Oliver Wendell Holmes was similar. Adams and Holmes both came from educated, well-off, anti-slavery backgrounds and served in the war. Afterwards, they were sick of all the moralistic abolitionist talk and wanted to put it all behind them. They felt closer to the soldiers on the other side that they'd fought against than to the preachers and crusaders behind the lines.

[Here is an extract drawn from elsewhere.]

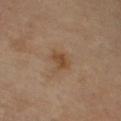Assessment:
The lesion was tiled from a total-body skin photograph and was not biopsied.
Context:
Cropped from a whole-body photographic skin survey; the tile spans about 15 mm. The lesion is on the right upper arm. A male subject, aged approximately 70.

I searched the two names and came up with this:

Sentiment was out; reality was in. Charles Francis Adams, Jr., a Union veteran scarred by the war, angrily attributed the conflict and its bloody train to Harriet Beecher Stowe and “that female and sentimentalist portrayal . . . that the only difference between the Ethiopian and the Caucasian is epidermal.” White Americans would not make the same mistake again. They would not allow a cloying, feminine Christianity, tugging at the heartstrings to lure young men to their graves for a cause not grounded in reason. Oliver Wendell Holmes Jr. remarked that the war pushed him across “the threshold of reality.” The businessman, not the philosopher, now received Holmes‟s admiration. “Business,” he declared “often seems mean, and always challenges your power to idealize the brute fact – but it hardens the fibre and I think is more likely to make more of a man of one who turns it to success.” Philosophy will only get you killed.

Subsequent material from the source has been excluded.